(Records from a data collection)
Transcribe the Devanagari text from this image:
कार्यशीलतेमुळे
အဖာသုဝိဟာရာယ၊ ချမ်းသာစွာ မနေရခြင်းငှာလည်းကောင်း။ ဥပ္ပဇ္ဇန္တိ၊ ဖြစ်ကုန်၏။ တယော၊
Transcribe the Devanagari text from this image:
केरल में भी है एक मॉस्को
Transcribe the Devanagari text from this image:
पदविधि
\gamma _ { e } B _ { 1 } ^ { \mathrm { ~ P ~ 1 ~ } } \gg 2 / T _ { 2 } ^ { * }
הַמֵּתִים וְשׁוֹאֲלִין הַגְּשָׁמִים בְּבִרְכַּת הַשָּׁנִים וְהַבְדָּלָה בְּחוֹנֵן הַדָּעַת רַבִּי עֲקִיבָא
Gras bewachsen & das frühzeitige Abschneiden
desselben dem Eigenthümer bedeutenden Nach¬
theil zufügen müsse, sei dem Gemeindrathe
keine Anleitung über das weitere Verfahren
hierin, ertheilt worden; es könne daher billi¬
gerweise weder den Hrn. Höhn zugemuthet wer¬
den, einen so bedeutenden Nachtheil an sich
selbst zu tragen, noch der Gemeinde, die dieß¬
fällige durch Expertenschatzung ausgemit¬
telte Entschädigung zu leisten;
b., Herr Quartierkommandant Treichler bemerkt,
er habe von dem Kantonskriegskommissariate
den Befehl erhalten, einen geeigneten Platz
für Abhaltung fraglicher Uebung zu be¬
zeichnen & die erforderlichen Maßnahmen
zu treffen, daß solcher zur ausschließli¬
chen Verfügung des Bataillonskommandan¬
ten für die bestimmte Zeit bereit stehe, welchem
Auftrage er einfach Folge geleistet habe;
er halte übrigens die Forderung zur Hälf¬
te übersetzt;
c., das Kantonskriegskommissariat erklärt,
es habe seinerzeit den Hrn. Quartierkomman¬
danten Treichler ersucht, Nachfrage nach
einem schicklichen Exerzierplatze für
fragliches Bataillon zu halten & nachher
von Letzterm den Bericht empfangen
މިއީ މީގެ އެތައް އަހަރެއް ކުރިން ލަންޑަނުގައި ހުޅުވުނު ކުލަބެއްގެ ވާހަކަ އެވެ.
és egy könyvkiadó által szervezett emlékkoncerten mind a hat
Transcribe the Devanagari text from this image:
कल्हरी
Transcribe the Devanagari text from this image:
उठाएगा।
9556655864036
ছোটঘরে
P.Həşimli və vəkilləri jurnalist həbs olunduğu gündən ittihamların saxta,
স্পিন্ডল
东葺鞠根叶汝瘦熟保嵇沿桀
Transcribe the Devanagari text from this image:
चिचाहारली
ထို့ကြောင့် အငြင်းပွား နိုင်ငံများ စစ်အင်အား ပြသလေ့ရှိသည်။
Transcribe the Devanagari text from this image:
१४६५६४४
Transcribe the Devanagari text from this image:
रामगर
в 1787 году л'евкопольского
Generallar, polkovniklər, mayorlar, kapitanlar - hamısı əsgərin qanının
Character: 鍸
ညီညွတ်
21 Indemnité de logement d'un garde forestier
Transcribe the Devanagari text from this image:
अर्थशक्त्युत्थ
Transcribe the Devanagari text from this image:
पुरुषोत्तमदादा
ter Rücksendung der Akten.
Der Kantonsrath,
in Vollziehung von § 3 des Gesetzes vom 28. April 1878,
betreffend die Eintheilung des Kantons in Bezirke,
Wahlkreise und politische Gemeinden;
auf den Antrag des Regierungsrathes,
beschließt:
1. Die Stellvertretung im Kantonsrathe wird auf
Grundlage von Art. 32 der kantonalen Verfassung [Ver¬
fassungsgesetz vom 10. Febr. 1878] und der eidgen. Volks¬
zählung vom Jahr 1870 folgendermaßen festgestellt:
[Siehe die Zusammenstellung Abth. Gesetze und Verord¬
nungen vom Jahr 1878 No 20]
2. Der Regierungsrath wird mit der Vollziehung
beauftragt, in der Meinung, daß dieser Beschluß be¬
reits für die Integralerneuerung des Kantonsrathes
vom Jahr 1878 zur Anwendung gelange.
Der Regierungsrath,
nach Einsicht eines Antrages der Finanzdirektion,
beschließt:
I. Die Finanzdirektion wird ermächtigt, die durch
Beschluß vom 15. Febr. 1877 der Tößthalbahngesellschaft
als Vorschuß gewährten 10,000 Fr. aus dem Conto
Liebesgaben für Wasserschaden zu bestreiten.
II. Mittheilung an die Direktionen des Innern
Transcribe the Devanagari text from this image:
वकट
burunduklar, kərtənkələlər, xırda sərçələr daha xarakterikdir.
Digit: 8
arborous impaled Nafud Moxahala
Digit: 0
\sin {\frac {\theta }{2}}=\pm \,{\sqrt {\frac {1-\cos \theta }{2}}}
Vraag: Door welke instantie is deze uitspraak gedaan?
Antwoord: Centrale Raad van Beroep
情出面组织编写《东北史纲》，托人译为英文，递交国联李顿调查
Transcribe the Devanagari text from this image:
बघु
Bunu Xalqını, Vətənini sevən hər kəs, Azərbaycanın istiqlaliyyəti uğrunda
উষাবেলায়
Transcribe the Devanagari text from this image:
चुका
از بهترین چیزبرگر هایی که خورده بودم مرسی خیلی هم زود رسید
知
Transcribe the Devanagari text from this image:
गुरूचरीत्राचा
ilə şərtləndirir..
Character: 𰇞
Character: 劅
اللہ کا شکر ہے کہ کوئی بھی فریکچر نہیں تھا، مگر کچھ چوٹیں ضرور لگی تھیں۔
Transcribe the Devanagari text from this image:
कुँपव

## [Work task]
Exactly as given, set down all of the lines above.

## [The answer]
Transcribe the Devanagari text from this image:
कार्यशीलतेमुळे
အဖာသုဝိဟာရာယ၊ ချမ်းသာစွာ မနေရခြင်းငှာလည်းကောင်း။ ဥပ္ပဇ္ဇန္တိ၊ ဖြစ်ကုန်၏။ တယော၊
Transcribe the Devanagari text from this image:
केरल में भी है एक मॉस्को
Transcribe the Devanagari text from this image:
पदविधि
\gamma _ { e } B _ { 1 } ^ { \mathrm { ~ P ~ 1 ~ } } \gg 2 / T _ { 2 } ^ { * }
הַמֵּתִים וְשׁוֹאֲלִין הַגְּשָׁמִים בְּבִרְכַּת הַשָּׁנִים וְהַבְדָּלָה בְּחוֹנֵן הַדָּעַת רַבִּי עֲקִיבָא
Gras bewachsen & das frühzeitige Abschneiden
desselben dem Eigenthümer bedeutenden Nach¬
theil zufügen müsse, sei dem Gemeindrathe
keine Anleitung über das weitere Verfahren
hierin, ertheilt worden; es könne daher billi¬
gerweise weder den Hrn. Höhn zugemuthet wer¬
den, einen so bedeutenden Nachtheil an sich
selbst zu tragen, noch der Gemeinde, die dieß¬
fällige durch Expertenschatzung ausgemit¬
telte Entschädigung zu leisten;
b., Herr Quartierkommandant Treichler bemerkt,
er habe von dem Kantonskriegskommissariate
den Befehl erhalten, einen geeigneten Platz
für Abhaltung fraglicher Uebung zu be¬
zeichnen & die erforderlichen Maßnahmen
zu treffen, daß solcher zur ausschließli¬
chen Verfügung des Bataillonskommandan¬
ten für die bestimmte Zeit bereit stehe, welchem
Auftrage er einfach Folge geleistet habe;
er halte übrigens die Forderung zur Hälf¬
te übersetzt;
c., das Kantonskriegskommissariat erklärt,
es habe seinerzeit den Hrn. Quartierkomman¬
danten Treichler ersucht, Nachfrage nach
einem schicklichen Exerzierplatze für
fragliches Bataillon zu halten & nachher
von Letzterm den Bericht empfangen
މިއީ މީގެ އެތައް އަހަރެއް ކުރިން ލަންޑަނުގައި ހުޅުވުނު ކުލަބެއްގެ ވާހަކަ އެވެ.
és egy könyvkiadó által szervezett emlékkoncerten mind a hat
Transcribe the Devanagari text from this image:
कल्हरी
Transcribe the Devanagari text from this image:
उठाएगा।
9556655864036
ছোটঘরে
P.Həşimli və vəkilləri jurnalist həbs olunduğu gündən ittihamların saxta,
স্পিন্ডল
东葺鞠根叶汝瘦熟保嵇沿桀
Transcribe the Devanagari text from this image:
चिचाहारली
ထို့ကြောင့် အငြင်းပွား နိုင်ငံများ စစ်အင်အား ပြသလေ့ရှိသည်။
Transcribe the Devanagari text from this image:
१४६५६४४
Transcribe the Devanagari text from this image:
रामगर
в 1787 году л'евкопольского
Generallar, polkovniklər, mayorlar, kapitanlar - hamısı əsgərin qanının
Character: 鍸
ညီညွတ်
21 Indemnité de logement d'un garde forestier
Transcribe the Devanagari text from this image:
अर्थशक्त्युत्थ
Transcribe the Devanagari text from this image:
पुरुषोत्तमदादा
ter Rücksendung der Akten.
Der Kantonsrath,
in Vollziehung von § 3 des Gesetzes vom 28. April 1878,
betreffend die Eintheilung des Kantons in Bezirke,
Wahlkreise und politische Gemeinden;
auf den Antrag des Regierungsrathes,
beschließt:
1. Die Stellvertretung im Kantonsrathe wird auf
Grundlage von Art. 32 der kantonalen Verfassung [Ver¬
fassungsgesetz vom 10. Febr. 1878] und der eidgen. Volks¬
zählung vom Jahr 1870 folgendermaßen festgestellt:
[Siehe die Zusammenstellung Abth. Gesetze und Verord¬
nungen vom Jahr 1878 No 20]
2. Der Regierungsrath wird mit der Vollziehung
beauftragt, in der Meinung, daß dieser Beschluß be¬
reits für die Integralerneuerung des Kantonsrathes
vom Jahr 1878 zur Anwendung gelange.
Der Regierungsrath,
nach Einsicht eines Antrages der Finanzdirektion,
beschließt:
I. Die Finanzdirektion wird ermächtigt, die durch
Beschluß vom 15. Febr. 1877 der Tößthalbahngesellschaft
als Vorschuß gewährten 10,000 Fr. aus dem Conto
Liebesgaben für Wasserschaden zu bestreiten.
II. Mittheilung an die Direktionen des Innern
Transcribe the Devanagari text from this image:
वकट
burunduklar, kərtənkələlər, xırda sərçələr daha xarakterikdir.
Digit: 8
arborous impaled Nafud Moxahala
Digit: 0
\sin {\frac {\theta }{2}}=\pm \,{\sqrt {\frac {1-\cos \theta }{2}}}
Vraag: Door welke instantie is deze uitspraak gedaan?
Antwoord: Centrale Raad van Beroep
情出面组织编写《东北史纲》，托人译为英文，递交国联李顿调查
Transcribe the Devanagari text from this image:
बघु
Bunu Xalqını, Vətənini sevən hər kəs, Azərbaycanın istiqlaliyyəti uğrunda
উষাবেলায়
Transcribe the Devanagari text from this image:
चुका
از بهترین چیزبرگر هایی که خورده بودم مرسی خیلی هم زود رسید
知
Transcribe the Devanagari text from this image:
गुरूचरीत्राचा
ilə şərtləndirir..
Character: 𰇞
Character: 劅
اللہ کا شکر ہے کہ کوئی بھی فریکچر نہیں تھا، مگر کچھ چوٹیں ضرور لگی تھیں۔
Transcribe the Devanagari text from this image:
कुँपव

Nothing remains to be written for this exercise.